** Opening Task input block **

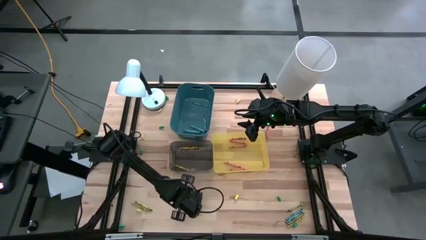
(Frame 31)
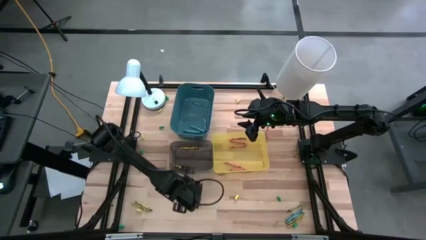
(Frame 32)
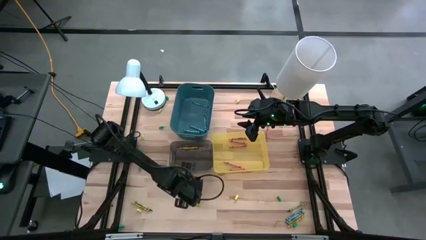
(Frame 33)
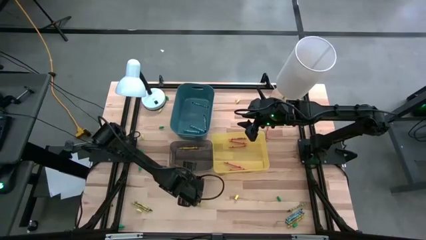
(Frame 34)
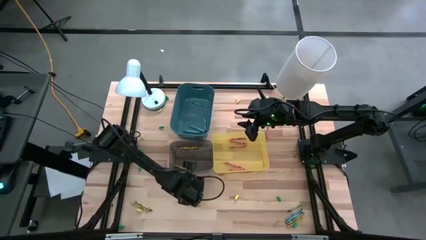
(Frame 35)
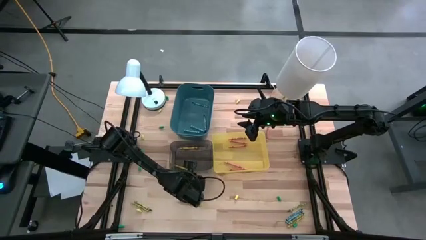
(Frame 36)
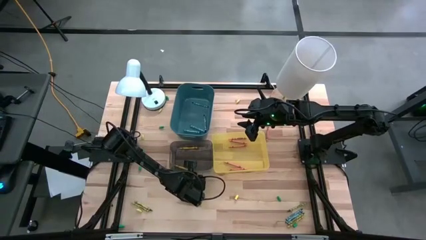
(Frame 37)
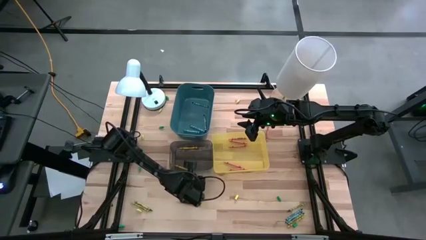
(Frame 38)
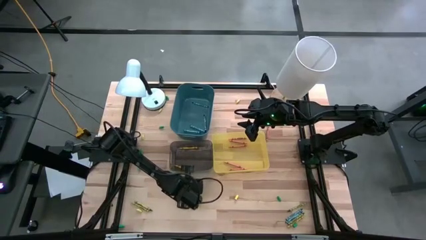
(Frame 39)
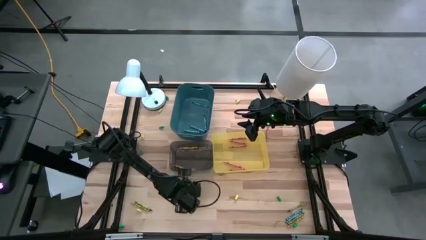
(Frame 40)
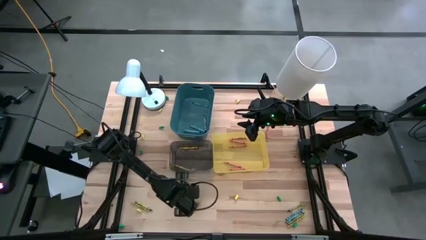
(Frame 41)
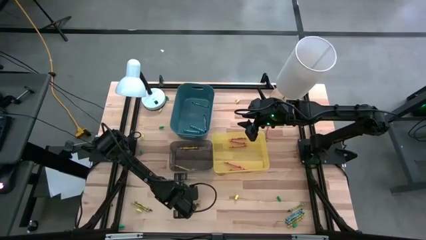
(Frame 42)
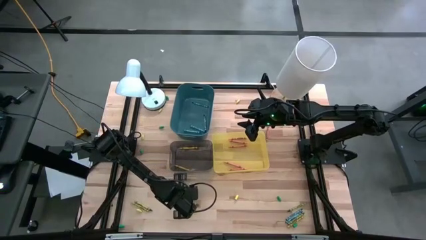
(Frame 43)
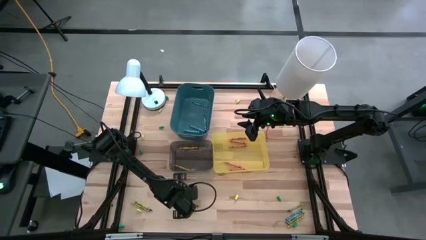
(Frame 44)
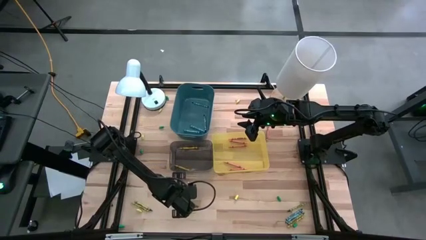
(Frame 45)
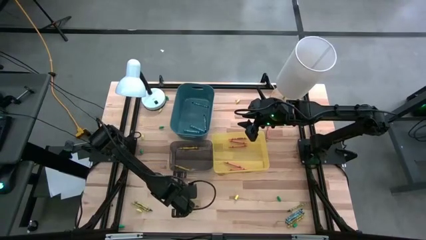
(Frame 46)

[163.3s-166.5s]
Adjust the green crayon

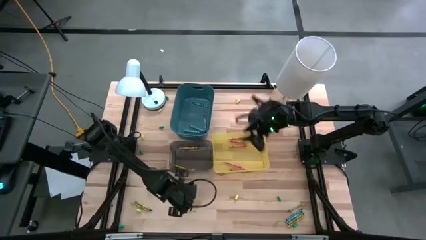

** Closing Task input block **

Description of the task >> Pictures are not part of the copy. Restate everything else in the listing word for word.

Exercise solution >>
(Frame 31)
(Frame 32)
(Frame 33)
(Frame 34)
(Frame 35)
(Frame 36)
(Frame 37)
(Frame 38)
(Frame 39)
(Frame 40)
(Frame 41)
(Frame 42)
(Frame 43)
(Frame 44)
(Frame 45)
(Frame 46)

[163.3s-166.5s]
Adjust the green crayon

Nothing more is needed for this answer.